Fifth Avenue was white and empty and swept by a sparkling wind. The trees in Madison Square were unexpectedly bright green like ferns in a dun room. At the Brevoort a sleepy French nightporter carried her baggage. In the low whitepainted room the sunlight drowsed on a faded crimson armchair. Ellen ran about the room like a small child kicking her heels and clapping her hands. With pursed lips and tilted head she arranged her toilet things on the bureau. Then she hung her yellow nightgown on a chair and undressed, caught sight of herself in the mirror, stood naked looking at herself with her hands on her tiny firm appleshaped breasts.

She pulled on her nightgown and went to the phone. "Please send up a pot of chocolate and rolls to 108 . . . as soon as you can please." Then she got into bed. She lay laughing with her legs stretched wide in the cool slippery sheets.

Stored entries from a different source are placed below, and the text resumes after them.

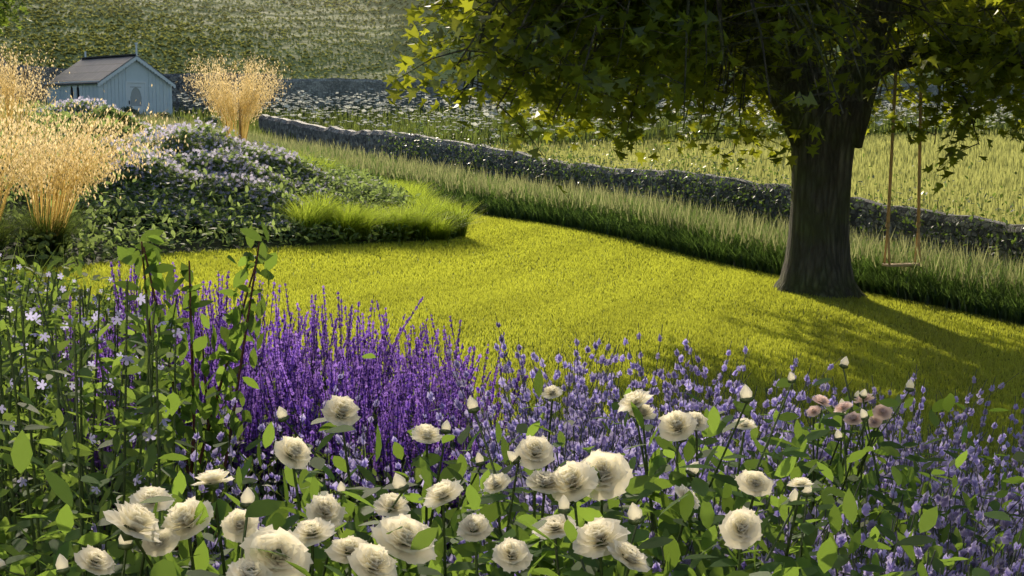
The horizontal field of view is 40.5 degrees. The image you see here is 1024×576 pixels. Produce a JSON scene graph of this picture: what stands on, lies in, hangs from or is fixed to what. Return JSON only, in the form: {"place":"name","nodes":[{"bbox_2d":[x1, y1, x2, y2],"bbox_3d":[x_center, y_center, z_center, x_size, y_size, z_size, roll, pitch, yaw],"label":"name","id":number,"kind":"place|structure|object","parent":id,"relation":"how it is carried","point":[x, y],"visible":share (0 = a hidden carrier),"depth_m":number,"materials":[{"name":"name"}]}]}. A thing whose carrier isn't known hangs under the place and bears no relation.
{"place":"outdoors","nodes":[
{"label":"outdoors","id":0,"kind":"place"},
{"bbox_2d":[47,60,172,116],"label":"shed walls","id":1,"kind":"structure","parent":0,"point":[159,94],"depth_m":60.48,"materials":[{"name":"blue wood"}]},
{"bbox_2d":[71,85,129,103],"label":"dark shed window","id":2,"kind":"structure","parent":1,"relation":"in","point":[78,96],"depth_m":60.68,"materials":[{"name":"black glass"}]},
{"bbox_2d":[44,54,175,85],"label":"shed roof","id":3,"kind":"structure","parent":1,"relation":"on","point":[95,69],"depth_m":61.16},
{"bbox_2d":[331,169,401,206],"bbox_3d":[-3.227,-1.972,28.235,2.749,1.054,3.734,0,7,0],"label":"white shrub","id":4,"kind":"object","parent":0,"point":[366,187],"depth_m":27.14,"materials":[{"name":"plant"}]},
{"bbox_2d":[0,0,1023,575],"bbox_3d":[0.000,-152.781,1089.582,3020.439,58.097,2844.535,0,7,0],"label":"ground","id":5,"kind":"structure","parent":0,"point":[266,12],"depth_m":89.46,"materials":[{"name":"green plant"}]},
{"bbox_2d":[0,0,47,33],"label":"leaves","id":6,"kind":"object","parent":5,"relation":"on","point":[7,5],"visible":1,"depth_m":71.26,"materials":[{"name":"green plant"}]},
{"bbox_2d":[0,201,56,253],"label":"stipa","id":7,"kind":"object","parent":5,"relation":"on","point":[6,233],"visible":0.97,"depth_m":14.55,"materials":[{"name":"green plant"}]},
{"bbox_2d":[0,118,56,145],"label":"stipa base","id":8,"kind":"object","parent":5,"relation":"on","point":[21,128],"visible":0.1,"depth_m":24.12,"materials":[{"name":"plant"}]},
{"bbox_2d":[0,38,69,132],"bbox_3d":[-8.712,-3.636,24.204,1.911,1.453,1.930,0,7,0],"label":"ornamental grass","id":9,"kind":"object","parent":5,"relation":"on","point":[16,86],"depth_m":24.10,"materials":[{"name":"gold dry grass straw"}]},
{"bbox_2d":[0,73,122,220],"bbox_3d":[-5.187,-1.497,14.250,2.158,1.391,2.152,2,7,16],"label":"ornamental grass","id":10,"kind":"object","parent":5,"relation":"on","point":[22,166],"depth_m":14.21,"materials":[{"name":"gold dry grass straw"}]},
{"bbox_2d":[0,200,122,255],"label":"grass clump","id":11,"kind":"object","parent":5,"relation":"on","point":[56,238],"visible":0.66,"depth_m":15.46,"materials":[{"name":"plant"}]},
{"bbox_2d":[1,133,131,206],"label":"shrub flowers","id":12,"kind":"object","parent":5,"relation":"on","point":[102,188],"depth_m":18.80,"materials":[{"name":"purple plant"}]},
{"bbox_2d":[0,109,172,245],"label":"grass stems","id":13,"kind":"object","parent":5,"relation":"on","point":[60,204],"visible":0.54,"depth_m":15.44,"materials":[{"name":"beige plant"}]},
{"bbox_2d":[0,84,195,207],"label":"ornamental grass","id":14,"kind":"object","parent":13,"relation":"attached to","point":[93,168],"depth_m":15.29,"materials":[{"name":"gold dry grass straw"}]},
{"bbox_2d":[23,103,153,143],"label":"green leaves","id":15,"kind":"object","parent":5,"relation":"on","point":[120,117],"visible":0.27,"depth_m":28.29,"materials":[{"name":"green plant"}]},
{"bbox_2d":[0,261,196,575],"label":"campanula","id":16,"kind":"object","parent":5,"relation":"on","point":[141,395],"depth_m":3.87,"materials":[{"name":"green plant"}]},
{"bbox_2d":[0,254,183,493],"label":"flowers","id":17,"kind":"object","parent":16,"relation":"attached to","point":[31,317],"visible":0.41,"depth_m":3.93,"materials":[{"name":"white plant"}]},
{"bbox_2d":[45,43,175,115],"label":"shed trim","id":18,"kind":"structure","parent":5,"relation":"on","point":[130,86],"depth_m":60.43,"materials":[{"name":"wood"}]},
{"bbox_2d":[39,295,198,540],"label":"flower stems","id":19,"kind":"object","parent":5,"relation":"on","point":[98,396],"visible":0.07,"depth_m":5.68,"materials":[{"name":"green plant"}]},
{"bbox_2d":[38,295,198,490],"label":"salvia florets","id":20,"kind":"object","parent":19,"relation":"attached to","point":[99,371],"visible":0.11,"depth_m":5.72,"materials":[{"name":"purple plant"}]},
{"bbox_2d":[0,53,277,114],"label":"dark wall","id":21,"kind":"structure","parent":5,"relation":"on","point":[179,89],"depth_m":68.82,"materials":[{"name":"grey stone"}]},
{"bbox_2d":[119,107,216,124],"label":"box balls","id":22,"kind":"object","parent":5,"relation":"on","point":[161,115],"visible":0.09,"depth_m":57.79,"materials":[{"name":"green plant"}]},
{"bbox_2d":[118,106,221,124],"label":"box ball leaves","id":23,"kind":"object","parent":22,"relation":"on","point":[205,119],"visible":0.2,"depth_m":57.38,"materials":[{"name":"green plant"}]},
{"bbox_2d":[113,221,277,569],"bbox_3d":[-1.212,0.445,5.378,0.693,1.415,0.478,-3,8,-26],"label":"climbing plant","id":24,"kind":"object","parent":5,"relation":"on","point":[233,337],"depth_m":5.32,"materials":[{"name":"green plant"}]},
{"bbox_2d":[52,117,360,236],"bbox_3d":[-5.150,-1.832,22.679,5.466,1.930,9.688,0,7,0],"label":"flowering shrub","id":25,"kind":"object","parent":5,"relation":"on","point":[225,188],"depth_m":21.35,"materials":[{"name":"green plant"}]},
{"bbox_2d":[0,98,460,263],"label":"bed filler","id":26,"kind":"object","parent":5,"relation":"on","point":[380,185],"visible":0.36,"depth_m":19.47,"materials":[{"name":"green plant"}]},
{"bbox_2d":[20,95,158,131],"bbox_3d":[-10.121,-3.782,33.604,4.535,1.733,4.449,-1,7,-9],"label":"geranium","id":27,"kind":"object","parent":26,"relation":"on","point":[76,100],"depth_m":32.57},
{"bbox_2d":[175,49,290,143],"bbox_3d":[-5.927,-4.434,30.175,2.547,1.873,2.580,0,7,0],"label":"ornamental grass","id":28,"kind":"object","parent":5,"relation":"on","point":[245,101],"depth_m":30.06,"materials":[{"name":"beige plant"}]},
{"bbox_2d":[237,82,241,139],"bbox_3d":[-6.128,-3.714,31.325,0.120,1.880,0.120,0,7,0],"label":"bed post","id":29,"kind":"object","parent":5,"relation":"on","point":[241,114],"visible":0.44,"depth_m":31.30,"materials":[{"name":"brown wood"}]},
{"bbox_2d":[90,260,526,554],"bbox_3d":[-1.192,0.543,7.502,2.966,1.233,3.352,0,7,0],"label":"salvia","id":30,"kind":"object","parent":5,"relation":"on","point":[307,428],"depth_m":6.80,"materials":[{"name":"purple plant"}]},
{"bbox_2d":[78,261,528,516],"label":"purple flowers","id":31,"kind":"object","parent":30,"relation":"on","point":[327,372],"visible":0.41,"depth_m":7.04,"materials":[{"name":"purple plant"}]},
{"bbox_2d":[86,349,588,575],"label":"flower stems","id":32,"kind":"object","parent":5,"relation":"on","point":[235,496],"visible":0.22,"depth_m":4.79,"materials":[{"name":"green plant"}]},
{"bbox_2d":[91,351,549,575],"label":"nepeta florets","id":33,"kind":"object","parent":32,"relation":"attached to","point":[334,485],"visible":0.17,"depth_m":4.81,"materials":[{"name":"purple plant"}]},
{"bbox_2d":[207,137,485,240],"bbox_3d":[-2.990,-2.033,26.575,6.990,1.876,10.725,-4,8,-29],"label":"grass clump","id":34,"kind":"object","parent":5,"relation":"on","point":[316,212],"visible":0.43,"depth_m":23.26,"materials":[{"name":"green plant"}]},
{"bbox_2d":[0,0,993,82],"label":"hill tussocks","id":35,"kind":"object","parent":5,"relation":"on","point":[124,14],"visible":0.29,"depth_m":90.91,"materials":[{"name":"green plant"}]},
{"bbox_2d":[0,353,1023,575],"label":"rose","id":36,"kind":"object","parent":5,"relation":"on","point":[672,515],"depth_m":2.91,"materials":[{"name":"white plant"}]},
{"bbox_2d":[4,369,908,575],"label":"flower stems","id":37,"kind":"object","parent":36,"relation":"attached to","point":[509,521],"visible":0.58,"depth_m":3.19,"materials":[{"name":"green plant"}]},
{"bbox_2d":[0,356,913,569],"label":"flower buds","id":38,"kind":"object","parent":36,"relation":"attached to","point":[399,481],"visible":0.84,"depth_m":2.88,"materials":[{"name":"plant"}]},
{"bbox_2d":[0,364,914,574],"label":"flower sepals","id":39,"kind":"object","parent":36,"relation":"attached to","point":[403,489],"visible":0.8,"depth_m":2.97,"materials":[{"name":"green plant"}]},
{"bbox_2d":[91,394,867,570],"bbox_3d":[0.173,0.397,3.325,1.101,0.242,2.422,3,7,22],"label":"rose calyx","id":40,"kind":"object","parent":36,"relation":"attached to","point":[127,537],"visible":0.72,"depth_m":2.54,"materials":[{"name":"plant"}]},
{"bbox_2d":[806,393,892,427],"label":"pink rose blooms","id":41,"kind":"object","parent":36,"relation":"on","point":[881,412],"visible":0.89,"depth_m":4.19,"materials":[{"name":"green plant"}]},
{"bbox_2d":[0,99,1023,147],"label":"rough grass","id":42,"kind":"structure","parent":5,"relation":"on","point":[253,125],"depth_m":61.50,"materials":[{"name":"green plant"}]},
{"bbox_2d":[0,249,1023,575],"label":"border filler","id":43,"kind":"object","parent":5,"relation":"on","point":[80,273],"visible":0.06,"depth_m":7.70,"materials":[{"name":"green plant"}]},
{"bbox_2d":[0,234,1023,575],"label":"leaves","id":44,"kind":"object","parent":5,"relation":"on","point":[30,342],"depth_m":7.29,"materials":[{"name":"green plant"}]},
{"bbox_2d":[3,210,1023,510],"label":"lawn","id":45,"kind":"structure","parent":5,"relation":"on","point":[523,294],"depth_m":16.50,"materials":[{"name":"green plant"}]},
{"bbox_2d":[18,99,1023,296],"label":"grass seeds","id":46,"kind":"object","parent":5,"relation":"on","point":[470,179],"visible":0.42,"depth_m":28.49,"materials":[{"name":"plant"}]},
{"bbox_2d":[100,313,1023,575],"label":"catmint","id":47,"kind":"object","parent":5,"relation":"on","point":[567,413],"depth_m":5.66,"materials":[{"name":"purple plant"}]},
{"bbox_2d":[335,322,1023,575],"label":"nepeta florets","id":48,"kind":"object","parent":47,"relation":"attached to","point":[1006,538],"visible":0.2,"depth_m":5.76,"materials":[{"name":"plant"}]},
{"bbox_2d":[138,114,1023,324],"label":"long grass","id":49,"kind":"structure","parent":5,"relation":"on","point":[993,301],"depth_m":25.59,"materials":[{"name":"green plant"}]},
{"bbox_2d":[172,89,1023,141],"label":"cow parsley rays","id":50,"kind":"object","parent":5,"relation":"on","point":[506,115],"visible":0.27,"depth_m":61.95,"materials":[{"name":"plant"}]},
{"bbox_2d":[173,89,1023,150],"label":"cow parsley stems","id":51,"kind":"object","parent":5,"relation":"on","point":[523,111],"visible":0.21,"depth_m":62.09,"materials":[{"name":"plant"}]},
{"bbox_2d":[172,88,1020,139],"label":"wildflowers","id":52,"kind":"object","parent":51,"relation":"attached to","point":[326,101],"visible":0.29,"depth_m":61.69,"materials":[{"name":"white plant"}]},
{"bbox_2d":[258,114,1023,269],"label":"garden wall","id":53,"kind":"structure","parent":5,"relation":"on","point":[301,130],"depth_m":31.70,"materials":[{"name":"grey stone"}]},
{"bbox_2d":[277,78,1023,115],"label":"stone wall","id":54,"kind":"structure","parent":5,"relation":"on","point":[320,87],"depth_m":73.13,"materials":[{"name":"grey stone"}]},
{"bbox_2d":[362,107,1023,271],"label":"wall shrub leaves","id":55,"kind":"object","parent":5,"relation":"on","point":[784,207],"visible":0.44,"depth_m":30.31,"materials":[{"name":"green plant"}]},
{"bbox_2d":[383,0,1023,298],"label":"tree","id":56,"kind":"object","parent":5,"relation":"on","point":[680,48],"visible":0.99,"depth_m":17.81,"materials":[{"name":"green plant"}]},
{"bbox_2d":[882,71,922,266],"bbox_3d":[6.130,-2.030,21.460,0.634,3.413,0.405,-2,7,-14],"label":"swing","id":57,"kind":"object","parent":56,"relation":"hanging from","point":[917,244],"visible":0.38,"depth_m":21.58,"materials":[{"name":"brown wood"}]},
{"bbox_2d":[486,128,1023,223],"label":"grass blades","id":58,"kind":"object","parent":5,"relation":"on","point":[1004,163],"visible":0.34,"depth_m":46.71,"materials":[{"name":"green plant"}]},
{"bbox_2d":[542,464,1023,575],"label":"nepeta stems","id":59,"kind":"object","parent":5,"relation":"on","point":[854,562],"visible":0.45,"depth_m":3.44,"materials":[{"name":"green plant"}]},
{"bbox_2d":[544,485,1023,575],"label":"nepeta florets","id":60,"kind":"object","parent":59,"relation":"attached to","point":[891,567],"visible":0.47,"depth_m":3.48,"materials":[{"name":"purple plant"}]}
]}

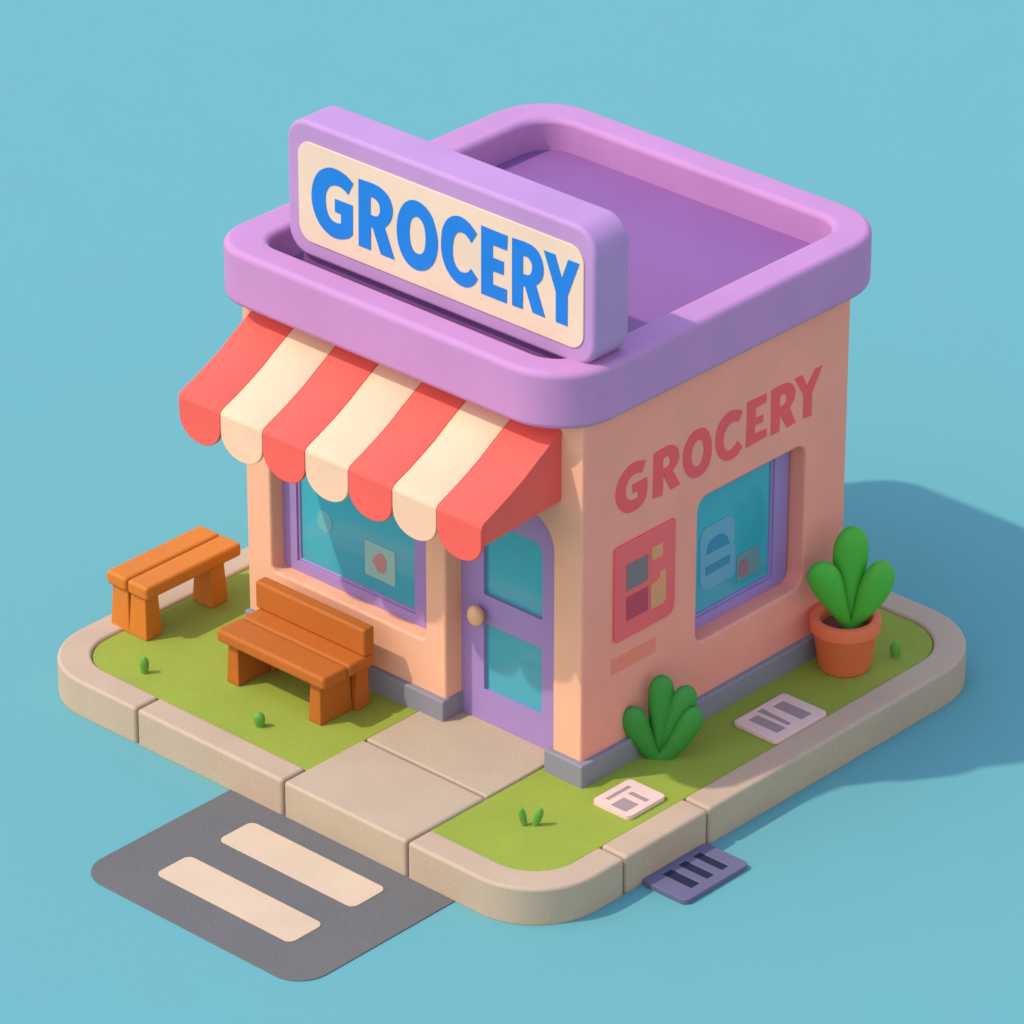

Hairpins were sticking into her head. She sat up and pulled them all out and shook the heavy coil of her hair down about her shoulders. She drew her knees up to her chin and sat thinking. From the street she could hear the occasional rumble of a truck. In the kitchens below her room a sound of clattering had begun. From all around came a growing rumble of traffic beginning. She felt hungry and alone. The bed was a raft on which she was marooned alone, always alone, afloat on a growling ocean. A shudder went down her spine. She drew her knees up closer to her chin.